### Activity
Print the entries verbatim, leaving out the images they contain.

### Supplied information
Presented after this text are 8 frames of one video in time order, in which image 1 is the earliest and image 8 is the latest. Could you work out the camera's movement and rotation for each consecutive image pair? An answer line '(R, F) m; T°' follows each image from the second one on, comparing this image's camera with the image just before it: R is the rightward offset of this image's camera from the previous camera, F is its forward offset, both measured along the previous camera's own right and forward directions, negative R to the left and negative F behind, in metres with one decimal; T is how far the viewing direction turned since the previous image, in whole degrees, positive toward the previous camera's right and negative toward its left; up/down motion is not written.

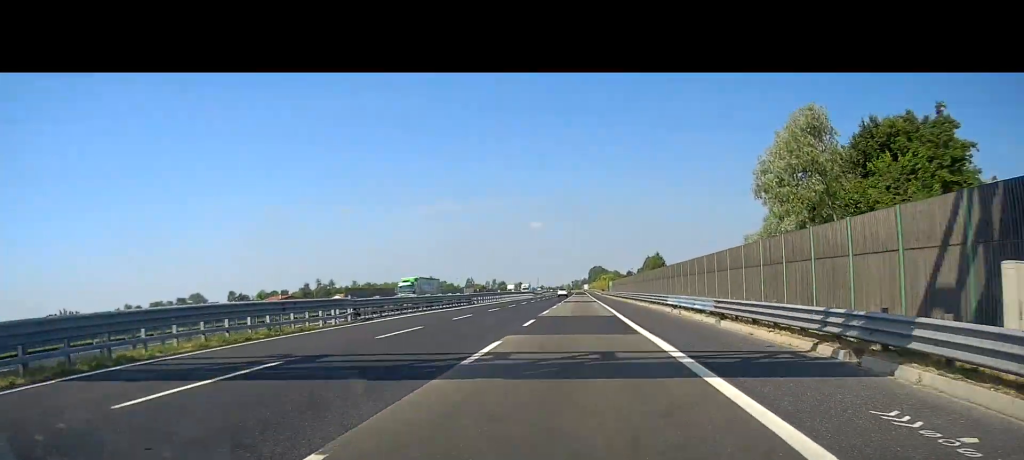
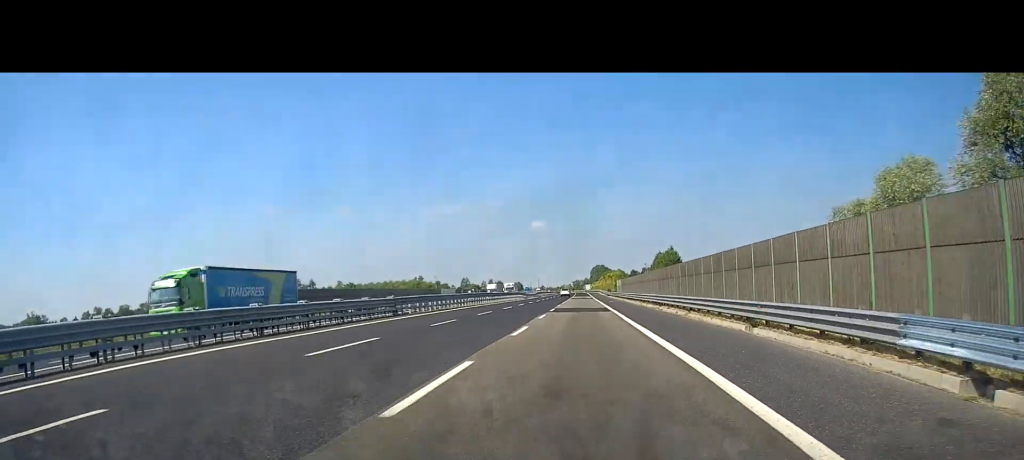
(+0.2, +27.9) m; 0°
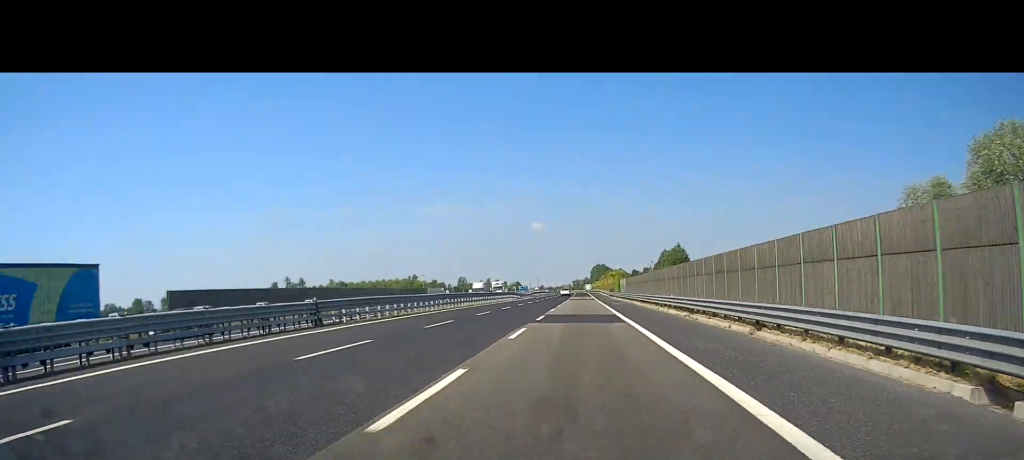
(0.0, +12.2) m; 0°
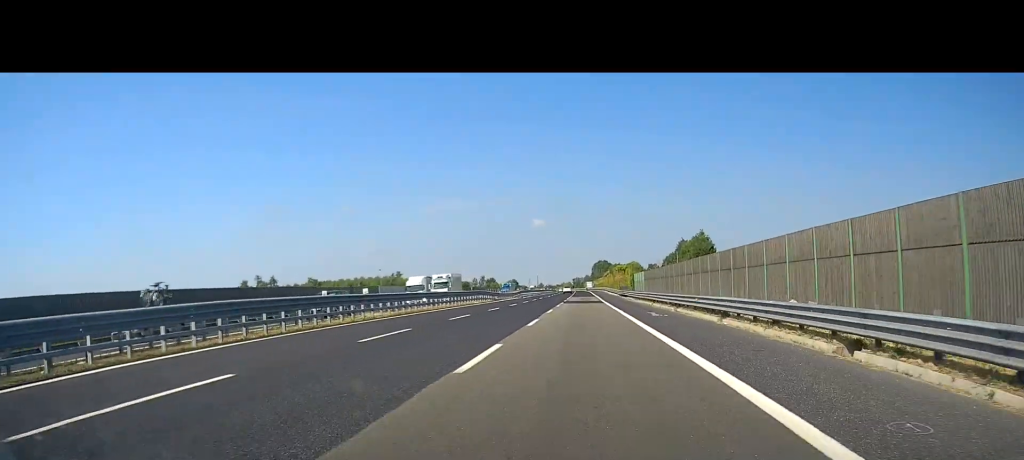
(-0.2, +30.3) m; 0°
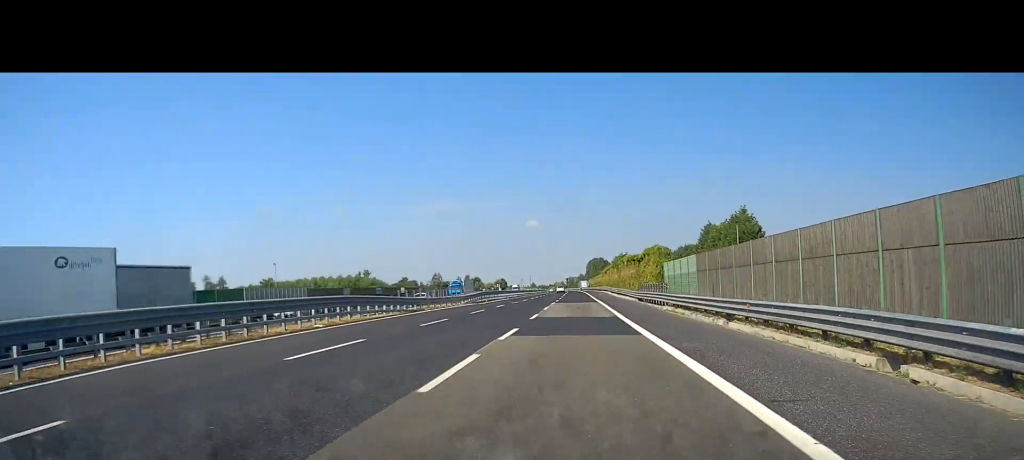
(+0.6, +36.9) m; 0°
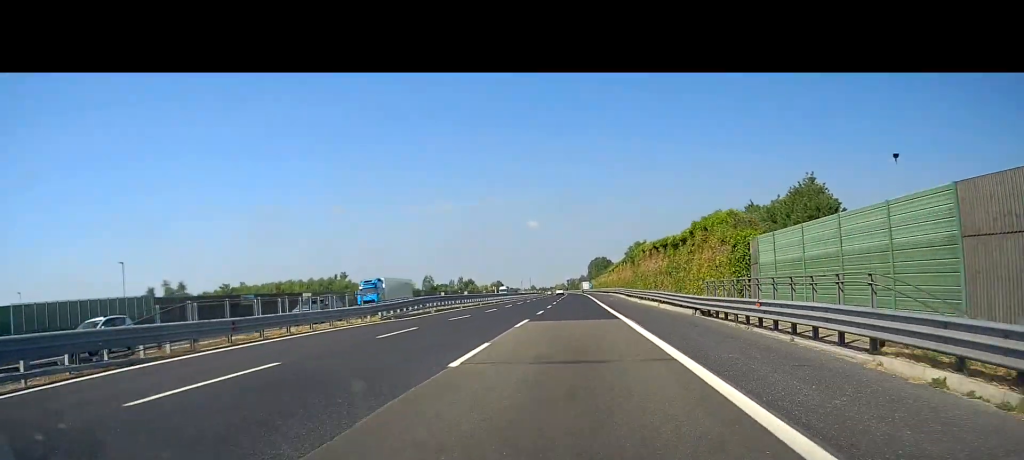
(-0.6, +27.5) m; -1°
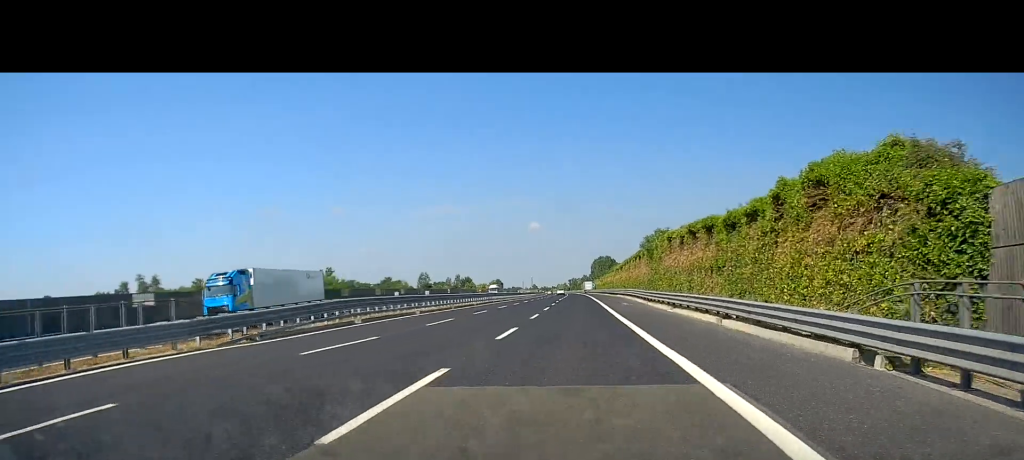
(+0.2, +16.4) m; 0°
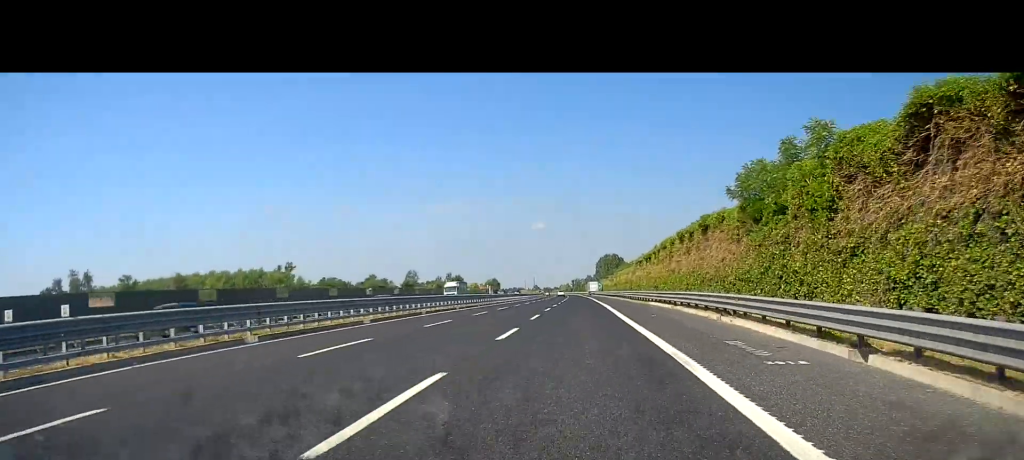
(-0.2, +34.7) m; -1°

### Task solution
Presented after this text are 8 frames of one video in time order, in which image 1 is the earliest and image 8 is the latest. Could you work out the camera's movement and rotation for each consecutive image pair? An answer line '(R, F) m; T°' follows each image from the second one on, comparing this image's camera with the image just before it: R is the rightward offset of this image's camera from the previous camera, F is its forward offset, both measured along the previous camera's own right and forward directions, negative R to the left and negative F behind, in metres with one decimal; T is how far the viewing direction turned since the previous image, in whole degrees, positive toward the previous camera's right and negative toward its left; up/down motion is not written.

(+0.2, +27.9) m; 0°
(0.0, +12.2) m; 0°
(-0.2, +30.3) m; 0°
(+0.6, +36.9) m; 0°
(-0.6, +27.5) m; -1°
(+0.2, +16.4) m; 0°
(-0.2, +34.7) m; -1°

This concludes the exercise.